Rest your wandering thoughts on what made me happy, relax because I am going to tell you. It all started a month and half ago, someone had angered me so much, I was feeling murderous. I can't remember what it was. In such situations, I opt to call one of my few trusted G's, as I don't want to act impulsively. 

In this case, I opt to call my G, Tommie, so when we were talking he suddenly dropped a piece of info that made my anger slowly dissipate like dew when the sun comes up. 

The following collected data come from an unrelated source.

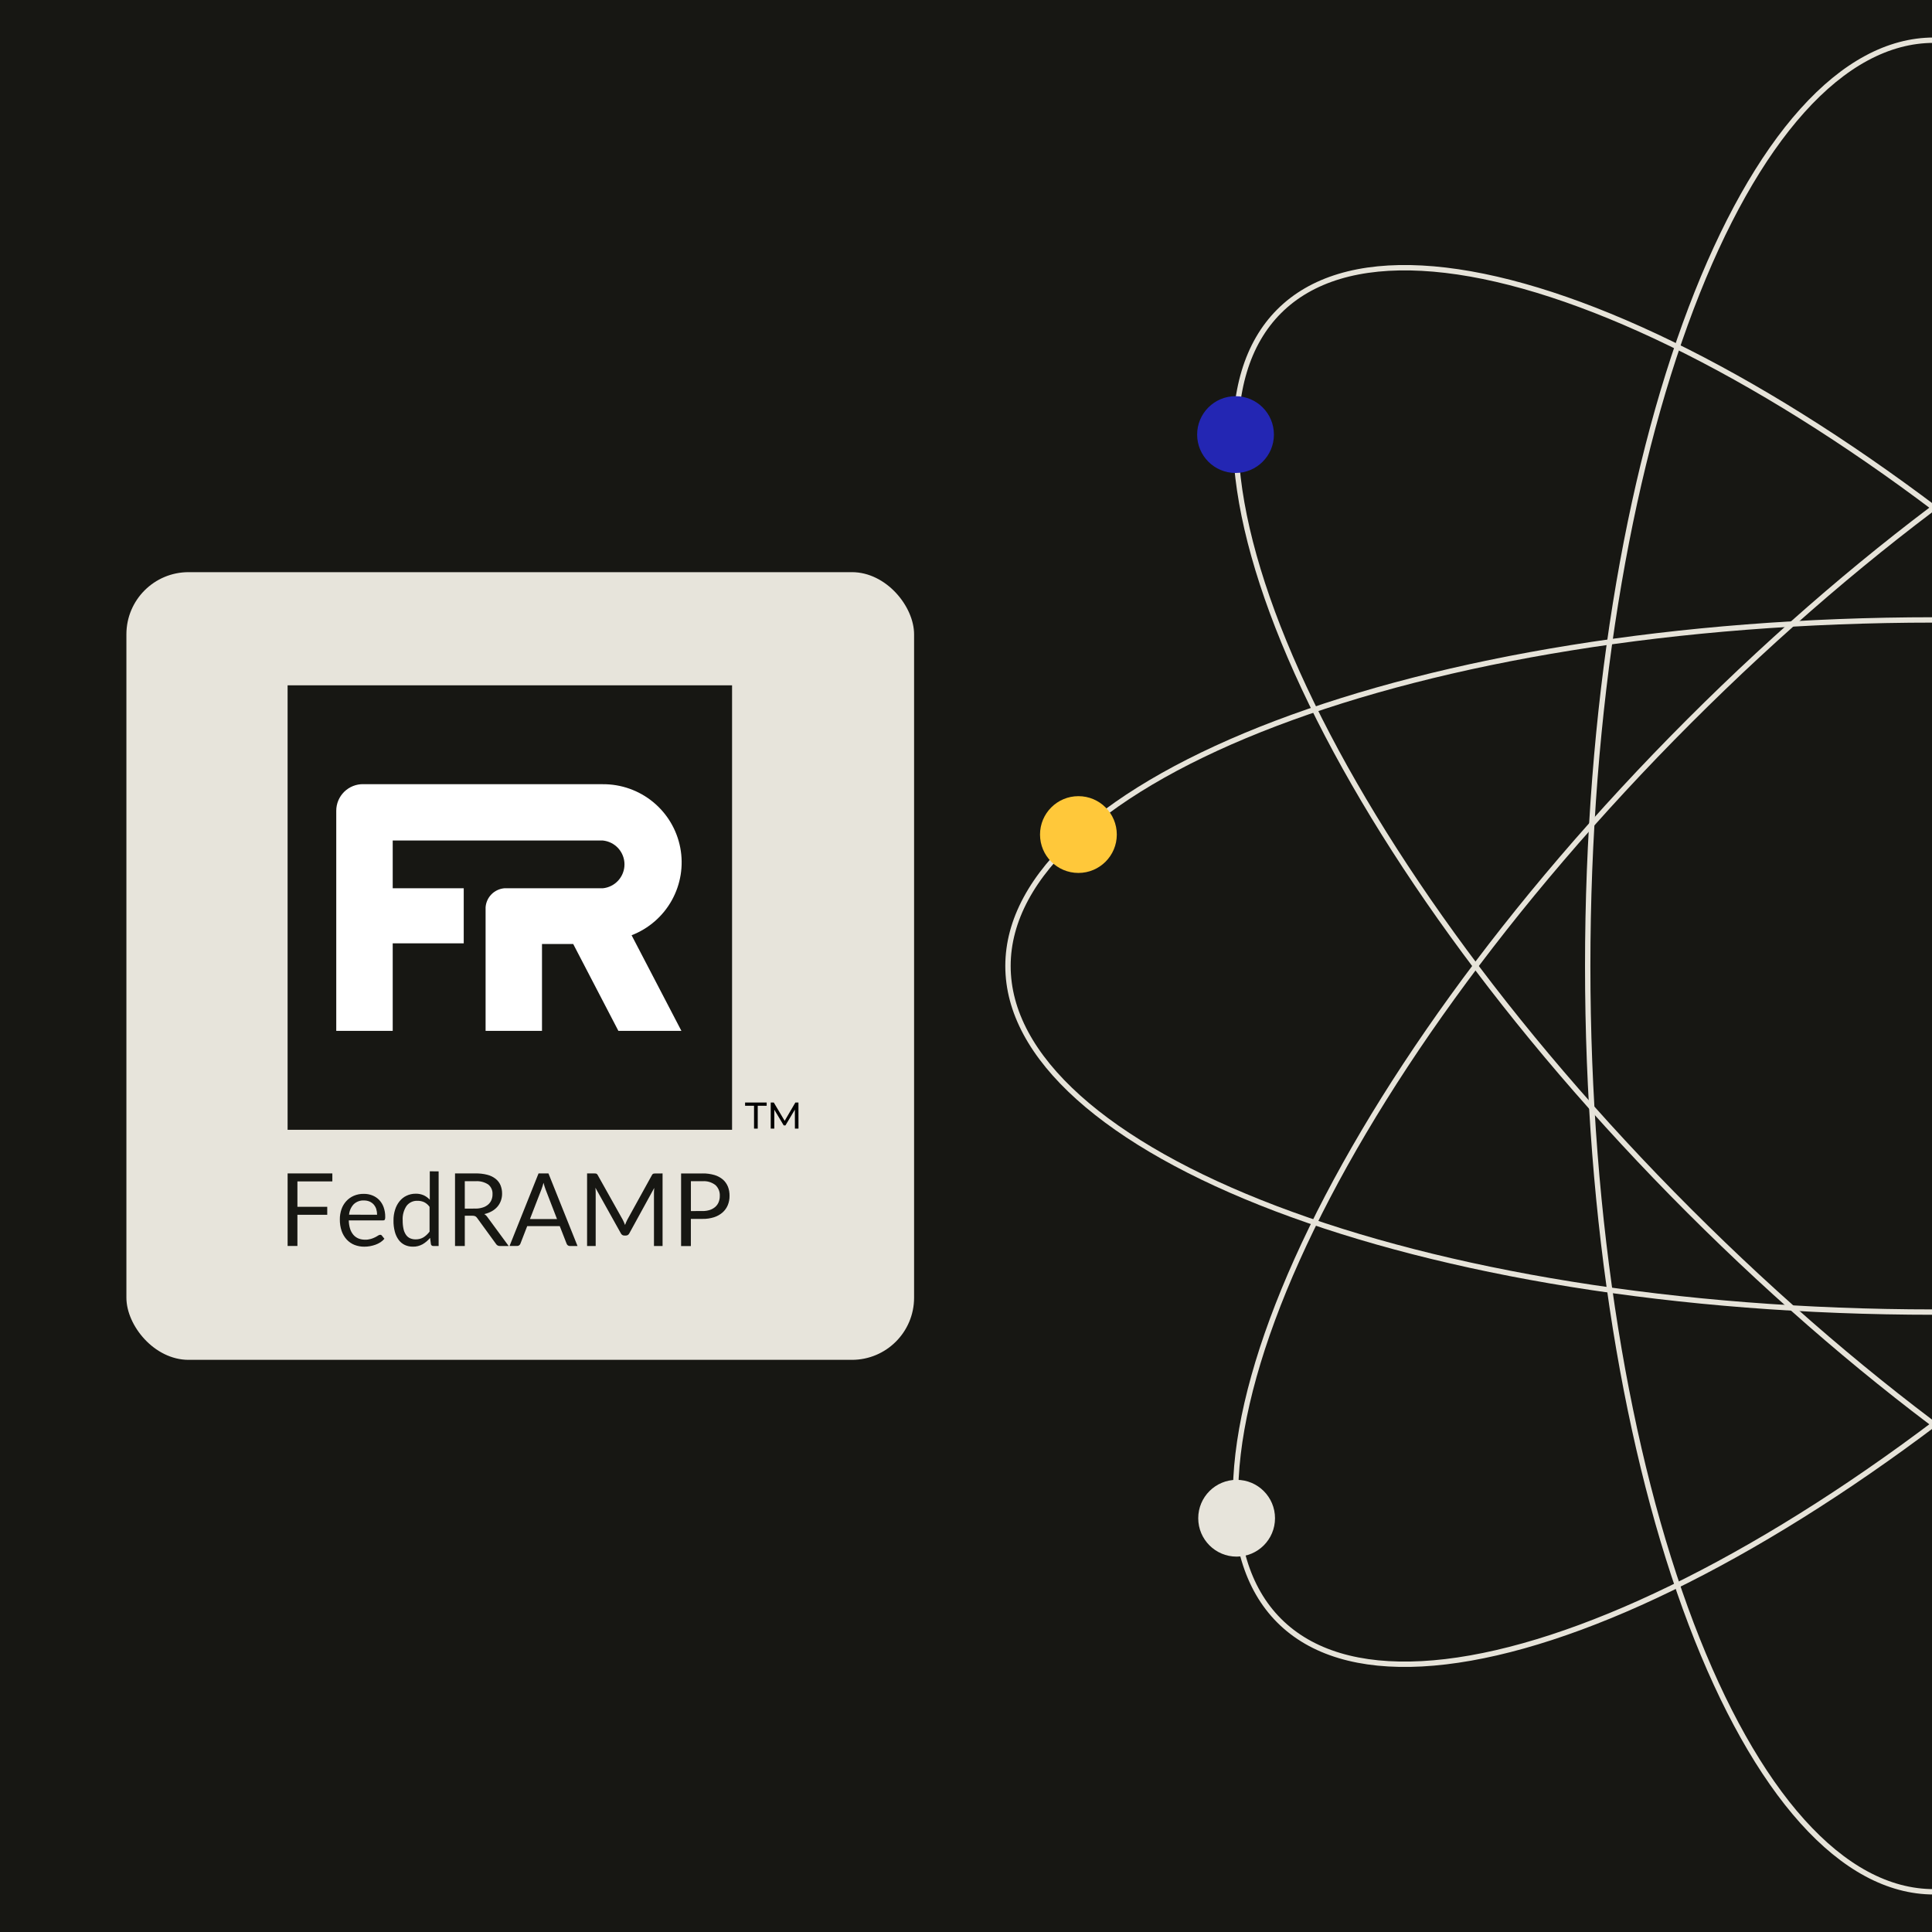 <?xml version="1.0" encoding="UTF-8"?>
<svg id="Layer_1" data-name="Layer 1" xmlns="http://www.w3.org/2000/svg" width="1080" height="1080" xmlns:xlink="http://www.w3.org/1999/xlink" viewBox="0 0 1080 1080">
  <defs>
    <style>
      .cls-1, .cls-2 {
        fill: none;
      }

      .cls-3 {
        fill: #171713;
      }

      .cls-2 {
        stroke: #e6e3d9;
        stroke-width: 3px;
      }

      .cls-4 {
        fill: #e7e4db;
      }

      .cls-5 {
        fill: #ffc83a;
      }

      .cls-6 {
        fill: #fff;
      }

      .cls-7 {
        fill: #2326b3;
      }

      .cls-8 {
        clip-path: url(#clippath);
      }
    </style>
    <clipPath id="clippath">
      <rect class="cls-1" width="1080" height="1080"/>
    </clipPath>
  </defs>
  <rect class="cls-3" x="-1" y="-1" width="1082" height="1082"/>
  <g class="cls-8">
    <g>
      <g>
        <g>
          <path class="cls-2" d="M1274.46,540c0,143.88-22.17,273.9-57.84,367.76-17.84,46.94-38.95,84.59-62.14,110.4-23.19,25.82-48.03,39.37-73.47,39.37s-50.29-13.55-73.48-39.37c-23.19-25.81-44.31-63.45-62.15-110.4-35.67-93.87-57.84-223.89-57.84-367.76s22.17-273.89,57.84-367.76c17.84-46.94,38.96-84.59,62.15-110.4,23.19-25.82,48.03-39.37,73.48-39.37s50.29,13.55,73.47,39.37c23.19,25.81,44.31,63.45,62.14,110.4,35.68,93.87,57.84,223.89,57.84,367.76Z"/>
          <path class="cls-2" d="M1217.8,403.2c101.74,101.74,178,209.35,219.15,300.95,20.58,45.81,32.27,87.36,34.12,122,1.86,34.65-6.12,61.8-24.12,79.79-17.99,17.99-45.14,25.98-79.8,24.12-34.65-1.85-76.2-13.54-122.01-34.12-91.6-41.15-199.21-117.42-300.95-219.15s-178-209.35-219.15-300.95c-20.58-45.81-32.26-87.36-34.12-122.01-1.86-34.65,6.13-61.8,24.12-79.8,17.99-17.99,45.14-25.98,79.79-24.12,34.65,1.85,76.2,13.54,122,34.12,91.6,41.15,199.21,117.41,300.95,219.15Z"/>
          <path class="cls-2" d="M1081,346.54c143.88,0,273.9,22.17,367.76,57.84,46.94,17.84,84.59,38.95,110.4,62.14,25.82,23.19,39.37,48.03,39.37,73.47,0,25.45-13.55,50.29-39.37,73.48-25.81,23.19-63.45,44.31-110.4,62.15-93.87,35.67-223.89,57.84-367.76,57.84-143.88,0-273.89-22.17-367.76-57.84-46.94-17.84-84.59-38.96-110.4-62.15-25.82-23.19-39.37-48.03-39.37-73.48,0-25.45,13.55-50.29,39.37-73.47,25.81-23.19,63.45-44.31,110.4-62.14,93.87-35.68,223.89-57.84,367.76-57.84Z"/>
          <path class="cls-2" d="M1217.8,676.8c-101.74,101.74-209.35,178-300.95,219.15-45.81,20.58-87.36,32.27-122,34.12-34.65,1.86-61.8-6.12-79.79-24.12-17.99-17.99-25.98-45.14-24.12-79.8,1.85-34.65,13.54-76.2,34.12-122.01,41.15-91.6,117.42-199.21,219.15-300.95,101.74-101.74,209.35-178,300.95-219.15,45.81-20.58,87.36-32.26,122.01-34.12,34.65-1.86,61.8,6.13,79.8,24.12,17.99,17.99,25.98,45.14,24.12,79.79-1.85,34.65-13.54,76.2-34.12,122-41.15,91.6-117.41,199.21-219.15,300.95Z"/>
        </g>
        <circle class="cls-7" cx="690.67" cy="242.93" r="21.46"/>
        <circle class="cls-5" cx="602.84" cy="466.52" r="21.46"/>
        <circle class="cls-4" cx="691.28" cy="848.7" r="21.46"/>
      </g>
      <g>
        <rect class="cls-4" x="70.66" y="319.84" width="440.32" height="440.32" rx="34.75" ry="34.75"/>
        <g>
          <rect class="cls-3" x="160.77" y="383.1" width="248.46" height="248.46"/>
          <path class="cls-3" d="M166.26,660.42v14.19h16.67v4.46h-16.67v17.44h-5.48v-40.56h25v4.46h-19.52ZM214.88,692.49c-.65.78-1.4,1.42-2.23,1.96-.89.56-1.8,1.02-2.8,1.37-.99.35-2.02.62-3.06.81-1.05.19-2.1.27-3.14.27-1.88.03-3.74-.32-5.48-.99-1.64-.65-3.12-1.67-4.33-2.96-1.26-1.37-2.23-3.01-2.85-4.78-.73-2.12-1.05-4.33-1.02-6.56-.03-1.91.3-3.79.91-5.62.56-1.67,1.48-3.2,2.66-4.52,1.18-1.29,2.61-2.31,4.22-3.01,1.77-.75,3.68-1.13,5.62-1.08,1.64-.03,3.25.27,4.76.86,1.42.56,2.71,1.4,3.79,2.5,1.1,1.16,1.96,2.53,2.5,4.03.62,1.75.94,3.6.91,5.46.05.54-.03,1.08-.24,1.59-.24.3-.59.43-.97.4h-19.16c.03,1.61.27,3.2.75,4.73.38,1.24,1.02,2.37,1.85,3.36.78.89,1.75,1.56,2.82,2.02,1.18.46,2.42.67,3.68.67,1.1.03,2.2-.13,3.28-.43.81-.24,1.61-.56,2.37-.94.56-.3,1.13-.59,1.64-.94.32-.24.73-.4,1.16-.43.38-.03.75.16.97.48l1.4,1.75h0ZM210.8,679.05c0-1.1-.16-2.18-.48-3.23-.3-.94-.81-1.77-1.45-2.53-.65-.7-1.42-1.26-2.31-1.64-.97-.4-2.02-.59-3.09-.59-2.12-.11-4.19.65-5.73,2.1-1.51,1.61-2.42,3.66-2.61,5.86l15.67.03h0ZM245.2,654.83v41.69h-2.98c-.65.05-1.24-.4-1.34-1.05l-.46-3.49c-1.18,1.42-2.58,2.63-4.19,3.57-1.67.91-3.52,1.4-5.43,1.34-1.53.03-3.06-.3-4.49-.94-1.34-.65-2.53-1.59-3.41-2.8-1.02-1.37-1.75-2.93-2.18-4.6-.54-2.07-.81-4.19-.75-6.32-.03-2.02.27-4,.86-5.91.51-1.72,1.34-3.33,2.45-4.73,1.05-1.32,2.37-2.42,3.9-3.14,1.61-.78,3.39-1.18,5.19-1.16,1.56-.05,3.09.27,4.52.89,1.26.59,2.42,1.45,3.36,2.47v-15.89l4.97.05-.02.02ZM240.15,674.67c-.78-1.13-1.83-2.04-3.06-2.66-1.16-.51-2.42-.78-3.68-.75-2.39-.13-4.7.94-6.16,2.85-1.59,2.42-2.34,5.27-2.15,8.14-.03,1.61.13,3.23.48,4.81.24,1.18.73,2.28,1.42,3.28.59.83,1.37,1.48,2.28,1.88.97.4,2.02.62,3.09.59,1.53.03,3.04-.35,4.35-1.13,1.32-.83,2.47-1.94,3.41-3.2v-13.82h.02ZM284.34,696.52h-4.87c-.89.05-1.75-.4-2.2-1.16l-10.54-14.49c-.27-.4-.62-.73-1.02-.97-.54-.24-1.13-.32-1.72-.3h-4.17v16.93h-5.46v-40.59h11.45c2.23-.03,4.49.22,6.64.78,1.69.43,3.25,1.18,4.62,2.26,1.18.94,2.12,2.15,2.71,3.55.59,1.48.91,3.06.89,4.65.03,1.37-.22,2.74-.67,4.03-.46,1.24-1.1,2.37-1.96,3.36-.89,1.02-1.96,1.88-3.14,2.53-1.32.73-2.74,1.26-4.19,1.59.73.43,1.34,1.02,1.8,1.72l11.83,16.1h0ZM265.6,675.61c1.42.03,2.85-.16,4.19-.59,1.13-.32,2.15-.89,3.06-1.64.81-.7,1.45-1.56,1.85-2.53.43-1.02.65-2.15.62-3.25.13-2.1-.75-4.14-2.39-5.46-2.12-1.37-4.62-2.02-7.12-1.83h-5.99v15.32l5.78-.03h0ZM322.83,696.52h-4.25c-.43.03-.86-.11-1.18-.38-.3-.24-.54-.56-.67-.94l-3.82-9.78h-18.2l-3.79,9.78c-.13.35-.35.67-.65.91-.35.27-.75.4-1.18.4h-4.25l16.21-40.56h5.54l16.24,40.56h0ZM311.38,681.47l-6.37-16.5c-.19-.48-.38-1.08-.59-1.72-.22-.65-.4-1.34-.59-2.07-.32,1.29-.73,2.58-1.21,3.82l-6.37,16.45,15.13.03h0ZM370.38,655.96v40.56h-4.81v-29.81c0-.4.03-.83.05-1.26s.05-.91.11-1.4l-13.92,25.37c-.35.78-1.13,1.29-1.99,1.26h-.78c-.86.03-1.64-.48-1.99-1.26l-14.22-25.48c.11.91.16,1.85.16,2.77v29.81h-4.81v-40.56h4.06c.38-.03.78.03,1.13.13.35.16.62.46.75.78l14,24.97c.22.46.46.91.67,1.42.22.48.43.99.62,1.51.19-.51.38-1.02.59-1.51.22-.48.43-.97.67-1.42l13.76-24.94c.13-.35.4-.62.75-.78.38-.11.75-.16,1.16-.13l4.03-.03h0ZM392.72,655.96c2.26-.05,4.52.27,6.69.89,1.72.51,3.33,1.37,4.7,2.53,1.24,1.08,2.18,2.45,2.8,3.95.65,1.64.94,3.41.91,5.19.03,1.77-.32,3.55-.99,5.19-.65,1.56-1.64,2.93-2.9,4.06-1.37,1.18-2.98,2.1-4.73,2.66-2.1.67-4.3.99-6.5.94h-6.5v15.19h-5.46v-40.59h11.99-.01ZM392.72,676.98c1.4.03,2.8-.19,4.14-.62,1.13-.38,2.15-.97,3.04-1.75.81-.73,1.45-1.64,1.85-2.66.43-1.1.65-2.26.62-3.41.13-2.28-.75-4.49-2.39-6.05-2.07-1.61-4.65-2.39-7.26-2.18h-6.5v16.69l6.5-.03h0Z"/>
          <path class="cls-6" d="M203.15,438.35c-1.99-.04-3.96.32-5.8,1.05-1.84.74-3.52,1.83-4.94,3.22-1.41,1.39-2.53,3.05-3.3,4.88-.76,1.83-1.15,3.79-1.14,5.77v122.99h31.56v-48.93h39.7v-30.79h-39.7v-26.69h117.44c3.32.33,6.4,1.87,8.64,4.34,2.24,2.47,3.48,5.68,3.48,9.01s-1.24,6.54-3.48,9.01c-2.24,2.47-5.32,4.01-8.64,4.34h-55.07c-2.73.25-5.27,1.45-7.19,3.4-1.91,1.95-3.07,4.51-3.26,7.24v69.06h31.53v-48.54h17.45l25.25,48.55h35.23l-27.84-53.45c9.55-3.69,17.51-10.6,22.48-19.54s6.65-19.33,4.73-29.37c-1.92-10.04-7.3-19.09-15.21-25.58s-17.86-10.01-28.1-9.94h-133.82v-.03Z"/>
          <g>
            <path d="M421.51,618.13h-5v-1.81h12.06v1.81h-5v12.77h-2.06v-12.77Z"/>
            <path d="M444.36,630.89l-.02-10.62-5.27,8.85h-.96l-5.27-8.79v10.56h-2v-14.58h1.71l6.08,10.25,6-10.25h1.71l.02,14.58h-2Z"/>
          </g>
        </g>
      </g>
    </g>
  </g>
</svg>

“Nilisubmit film mbili Kalasha, 

moja ikakuwa nominated.

Sijui mbona, 

hawakunominate hio ingine

na venye ilikuwa kali.

I'm trying hard to be calm, I have started sweating a little. Did I hear it right? My G, nominated for an award? I breath, and reply,

“Hio ni fiti sana!

skuma link nikuvotie kaka!

Then 

tuanze kupepeta hizi votes

Uwahi hii Kalash

ama vipi?”

The convo shifts, and we start strategizing on how he is going to cap the award. The call ends. Each of us pushes for edging closer to my G, lifting his award for his work. The numerous calls, the Dms to push the link to each single person to vote, to take my G a step closer to the award right until the day the voting ends. 

The anxiety and disappointment when a certain mishap happens along then drumroll please, on Saturday seeing my G lifting the Kalasha awards for his work, Art on the Skin. A captivating documentary, which dives deep into the world of body art, shattering stereotypes and igniting your passion for self-expression.  




Who would have ever guessed, 

when Letstoriesunfold is on your team, 

you are bound to win? 


They didn't lie when they said, the end justifies the means. That ladies, and gentlemen, I would say, is what made me genuinely happy. Cheers to more wins this year and the next.